More on Paperspace Gradient

Its been a few days since I started to play with Paperspace, and I have come across a couple of interesting features that the platform has – enough for a second post on this topic.

First, GIT integration. Recall that the usual process is to zip the current working directory and submit the resulting file along with the job, the ZIP file is then unzipped in the container in which the job is running and the contents of the ZIP file constitute the working directory. However, if you want to run code that requires, for instance, custom libraries, it is much easier to instruct Paperspace to get the contents of the working directory from GitHub. You can do that by supplying a GIT URL using the --workspace switch. The example below, for instance, instructs Paperspace to pull my code for an RBM from GitHub and to run it as a job.

#!/bin/sh
#
# Run the RBM as a job on Paperspace. Assume that you have the paperspace NodeJS
# CLI and have done a paperspace login before to store your credentials
#
#
~/node_modules/.bin/paperspace jobs create  \
        --workspace "git+https://github.com/christianb93/MachineLearning" \
        --command "export MPLBACKEND=AGG ; python3 RBM.py \
        --N=28 --data=MNIST \
        --save=1 \
        --tmpdir=/artifacts \
        --hidden=128 \
        --pattern=256 --batch_size=128 \
        --epochs=40000 \
        --run_samples=1 \
        --sample_size=6,6 \
        --beta=1.0 --sample=200000 \
        --algorithm=PCDTF --precision=32" \
        --machineType K80 \
        --container "paperspace/tensorflow-python" \
        --project "MachineLearning"

Be careful, the spelling of the URL must be exactly like this to be recognized as a GIT URL, i.e. “git+https” followed by the hostname without the “www”, if you use http instead of https or http://www.github.com instead of github.com, the job will fail (the documentation at this point could be better, and I have even had to look at the source code of the CLI to figure out the syntax). This is a nice feature, using that along with the job logs, I can easily reconstruct which version of the code has actually been executed, and it supports working in a team that is sharing GitHub repositories well.
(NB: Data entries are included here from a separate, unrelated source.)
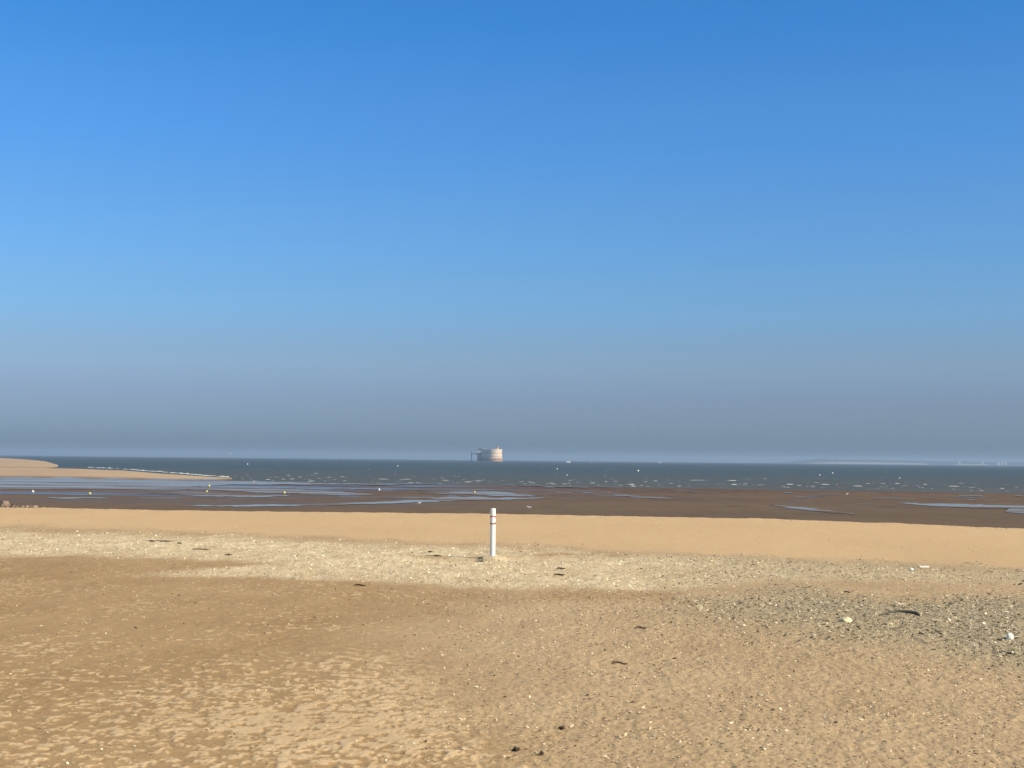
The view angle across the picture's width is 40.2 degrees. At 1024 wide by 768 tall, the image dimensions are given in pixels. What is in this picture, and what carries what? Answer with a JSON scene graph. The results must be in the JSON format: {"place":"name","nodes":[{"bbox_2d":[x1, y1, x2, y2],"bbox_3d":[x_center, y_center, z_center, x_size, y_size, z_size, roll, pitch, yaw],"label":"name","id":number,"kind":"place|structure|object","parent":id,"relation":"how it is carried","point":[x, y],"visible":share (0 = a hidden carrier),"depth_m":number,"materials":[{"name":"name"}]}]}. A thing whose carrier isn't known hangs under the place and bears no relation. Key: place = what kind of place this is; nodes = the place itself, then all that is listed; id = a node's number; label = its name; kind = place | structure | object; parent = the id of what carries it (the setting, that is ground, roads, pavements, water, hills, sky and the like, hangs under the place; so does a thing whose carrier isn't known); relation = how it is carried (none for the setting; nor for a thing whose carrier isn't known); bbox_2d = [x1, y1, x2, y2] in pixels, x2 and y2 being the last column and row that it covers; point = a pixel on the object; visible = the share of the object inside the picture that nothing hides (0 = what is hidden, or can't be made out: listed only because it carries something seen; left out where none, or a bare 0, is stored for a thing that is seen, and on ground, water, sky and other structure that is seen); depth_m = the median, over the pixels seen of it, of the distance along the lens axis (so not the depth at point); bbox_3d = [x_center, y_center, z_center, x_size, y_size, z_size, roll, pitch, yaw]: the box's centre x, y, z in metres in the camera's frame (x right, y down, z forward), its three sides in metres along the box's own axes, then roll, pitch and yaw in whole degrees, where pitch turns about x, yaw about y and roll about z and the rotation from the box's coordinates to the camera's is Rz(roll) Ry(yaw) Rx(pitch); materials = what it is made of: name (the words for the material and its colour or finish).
{"place":"outdoors","nodes":[
{"label":"outdoors","id":0,"kind":"place"},
{"bbox_2d":[0,458,57,467],"bbox_3d":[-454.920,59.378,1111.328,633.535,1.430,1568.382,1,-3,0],"label":"sandbank","id":1,"kind":"structure","parent":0,"point":[13,463],"depth_m":563.14,"materials":[{"name":"beige sand"}]},
{"bbox_2d":[0,468,231,479],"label":"sandbank","id":2,"kind":"structure","parent":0,"point":[56,473],"depth_m":269.40,"materials":[{"name":"beige sand"}]},
{"bbox_2d":[0,480,1023,767],"bbox_3d":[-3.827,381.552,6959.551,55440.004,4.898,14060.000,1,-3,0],"label":"ground","id":3,"kind":"structure","parent":0,"point":[902,528],"depth_m":16.24,"materials":[{"name":"beige sand"}]},
{"bbox_2d":[0,501,9,507],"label":"rock","id":4,"kind":"object","parent":3,"relation":"on","point":[5,504],"visible":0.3,"depth_m":57.68,"materials":[{"name":"beige stone"}]},
{"bbox_2d":[47,497,104,498],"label":"tidal pool","id":5,"kind":"structure","parent":3,"relation":"on","point":[75,497],"depth_m":125.61,"materials":[{"name":"liquid"}]},
{"bbox_2d":[0,477,393,494],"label":"tidal pool","id":6,"kind":"structure","parent":3,"relation":"on","point":[60,483],"depth_m":186.09,"materials":[{"name":"liquid"}]},
{"bbox_2d":[153,492,288,496],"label":"tidal pool","id":7,"kind":"structure","parent":3,"relation":"on","point":[215,494],"depth_m":140.17,"materials":[{"name":"liquid"}]},
{"bbox_2d":[276,577,295,578],"bbox_3d":[-3.749,3.220,23.228,0.340,0.025,0.060,0,-3,3],"label":"plank piece","id":8,"kind":"object","parent":3,"relation":"on","point":[287,577],"visible":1,"depth_m":23.20,"materials":[{"name":"wood"}]},
{"bbox_2d":[182,496,542,506],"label":"tidal pool","id":9,"kind":"structure","parent":3,"relation":"on","point":[455,498],"depth_m":124.24,"materials":[{"name":"liquid"}]},
{"bbox_2d":[481,556,497,561],"bbox_3d":[-0.450,3.528,27.983,0.328,0.153,0.181,1,-3,0],"label":"foot stone","id":10,"kind":"object","parent":3,"relation":"on","point":[487,558],"visible":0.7,"depth_m":27.90,"materials":[{"name":"beige stone"}]},
{"bbox_2d":[446,491,539,496],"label":"tidal pool","id":11,"kind":"structure","parent":3,"relation":"on","point":[494,493],"depth_m":156.22,"materials":[{"name":"liquid"}]},
{"bbox_2d":[490,508,495,555],"bbox_3d":[-0.392,3.191,28.407,0.115,1.335,0.117,1,-3,0],"label":"marker post","id":12,"kind":"object","parent":3,"relation":"on","point":[492,528],"visible":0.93,"depth_m":28.37,"materials":[{"name":"white paint"}]},
{"bbox_2d":[2,533,1016,747],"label":"weed scraps","id":13,"kind":"object","parent":3,"relation":"on","point":[670,623],"visible":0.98,"depth_m":16.46,"materials":[{"name":"black plant"}]},
{"bbox_2d":[0,537,1023,767],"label":"shell grit","id":14,"kind":"object","parent":3,"relation":"on","point":[626,733],"visible":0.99,"depth_m":14.20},
{"bbox_2d":[839,617,851,622],"bbox_3d":[4.215,2.994,17.683,0.144,0.107,0.143,-2,-4,42],"label":"stone","id":15,"kind":"object","parent":14,"relation":"on","point":[845,619],"visible":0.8,"depth_m":17.65,"materials":[{"name":"beige stone"}]},
{"bbox_2d":[0,523,1023,591],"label":"shell fragments","id":16,"kind":"object","parent":3,"relation":"on","point":[428,572],"visible":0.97,"depth_m":27.51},
{"bbox_2d":[19,508,1015,562],"bbox_3d":[-2.433,4.007,38.796,36.750,0.253,21.750,1,-3,0],"label":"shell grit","id":17,"kind":"object","parent":3,"relation":"on","point":[542,528],"visible":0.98,"depth_m":40.17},
{"bbox_2d":[77,483,1023,505],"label":"tidal pool","id":18,"kind":"structure","parent":3,"relation":"on","point":[476,489],"depth_m":165.13,"materials":[{"name":"liquid"}]},
{"bbox_2d":[520,485,583,487],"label":"tidal pool","id":19,"kind":"structure","parent":3,"relation":"on","point":[548,486],"depth_m":202.89,"materials":[{"name":"liquid"}]},
{"bbox_2d":[613,494,672,498],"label":"tidal pool","id":20,"kind":"structure","parent":3,"relation":"on","point":[644,497],"depth_m":146.23,"materials":[{"name":"liquid"}]},
{"bbox_2d":[595,553,1023,684],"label":"shell fragments","id":21,"kind":"object","parent":3,"relation":"on","point":[700,607],"visible":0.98,"depth_m":18.80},
{"bbox_2d":[773,505,853,513],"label":"tidal pool","id":22,"kind":"structure","parent":3,"relation":"on","point":[812,509],"depth_m":113.11,"materials":[{"name":"liquid"}]},
{"bbox_2d":[879,610,919,615],"bbox_3d":[5.119,3.027,18.498,0.522,0.073,0.147,0,-3,15],"label":"driftwood","id":23,"kind":"object","parent":3,"relation":"on","point":[909,612],"visible":1,"depth_m":18.51,"materials":[{"name":"grey wood"}]},
{"bbox_2d":[906,503,1023,513],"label":"tidal pool","id":24,"kind":"structure","parent":3,"relation":"on","point":[1015,509],"depth_m":126.54,"materials":[{"name":"liquid"}]},
{"bbox_2d":[1006,633,1013,639],"bbox_3d":[5.722,2.912,16.085,0.084,0.109,0.064,1,-3,0],"label":"stone","id":25,"kind":"object","parent":3,"relation":"on","point":[1009,636],"visible":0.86,"depth_m":16.07,"materials":[{"name":"stone"}]},
{"bbox_2d":[0,455,1023,493],"bbox_3d":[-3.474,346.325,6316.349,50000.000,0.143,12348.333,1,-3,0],"label":"sea","id":26,"kind":"structure","parent":0,"point":[858,477],"depth_m":443.58,"materials":[{"name":"liquid"}]},
{"bbox_2d":[471,449,481,460],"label":"jetty platform","id":27,"kind":"structure","parent":26,"relation":"on","point":[479,452],"depth_m":3286.11,"materials":[{"name":"metal"}]},
{"bbox_2d":[478,446,502,460],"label":"sea fort","id":28,"kind":"structure","parent":26,"relation":"on","point":[491,454],"depth_m":3261.89,"materials":[{"name":"stone"}]},
{"bbox_2d":[0,0,1023,462],"label":"sky","id":29,"kind":"structure","parent":0,"point":[729,231],"materials":[{"name":"blue"}]},
{"bbox_2d":[90,462,1009,491],"bbox_3d":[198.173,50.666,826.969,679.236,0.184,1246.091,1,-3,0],"label":"sea foam","id":30,"kind":"object","parent":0,"point":[521,481],"visible":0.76,"depth_m":274.65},
{"bbox_2d":[809,462,928,464],"bbox_3d":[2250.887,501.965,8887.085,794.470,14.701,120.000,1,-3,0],"label":"beach","id":31,"kind":"structure","parent":0,"point":[866,463],"depth_m":8831.34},
{"bbox_2d":[780,458,1023,465],"bbox_3d":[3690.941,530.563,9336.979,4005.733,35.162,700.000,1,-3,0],"label":"hills","id":32,"kind":"structure","parent":0,"point":[925,462],"depth_m":9023.60,"materials":[{"name":"grey"}]},
{"bbox_2d":[955,464,985,464],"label":"beach","id":33,"kind":"structure","parent":0,"point":[970,464],"depth_m":8832.16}
]}

Quite recently, Paperspace did apparently also add the option to use persistent storage in jobs to store data across job runs (see this announcement). Theoretically, the storage should be shared between notebooks and jobs in the same region, but as I have not yet found out how to start a notebook in a specific region, I could not try this out.

Another feature that I liked is that the container that you specify can actually be any container from the Docker Hub, for instance ubuntu. The only restriction is that Paperspace seems to overwrite the entrypoint in any case and will try to run bashinside the container to finally execute the command that you provide, so containers that do not have a bash in the standard execution path will not work. Still, you could use this to prepare your own containers, maybe with pre-installed data sets or libraries, and ask Paperspace to run them.

Finally, for those of us who are Python addicts, there is also a Python API for submitting and managing jobs in Paperspace. Actually, this API offers you two ways to run a Python script on Paperspace. First, you can import the paperspace package into your script and then, inside the script, do a paperspace.run(), as in the following example.

import paperspace
paperspace.run()
print('This will only be running on Paperspace')

What will happen behind the scenes is that the paperspace module takes your code, removes any occurrences of the paperspace package itself, puts the code into a temporary file and submits that as a job to Paperspace. You can then work with that job as with any other job, like monitoring it on the console or via the CLI.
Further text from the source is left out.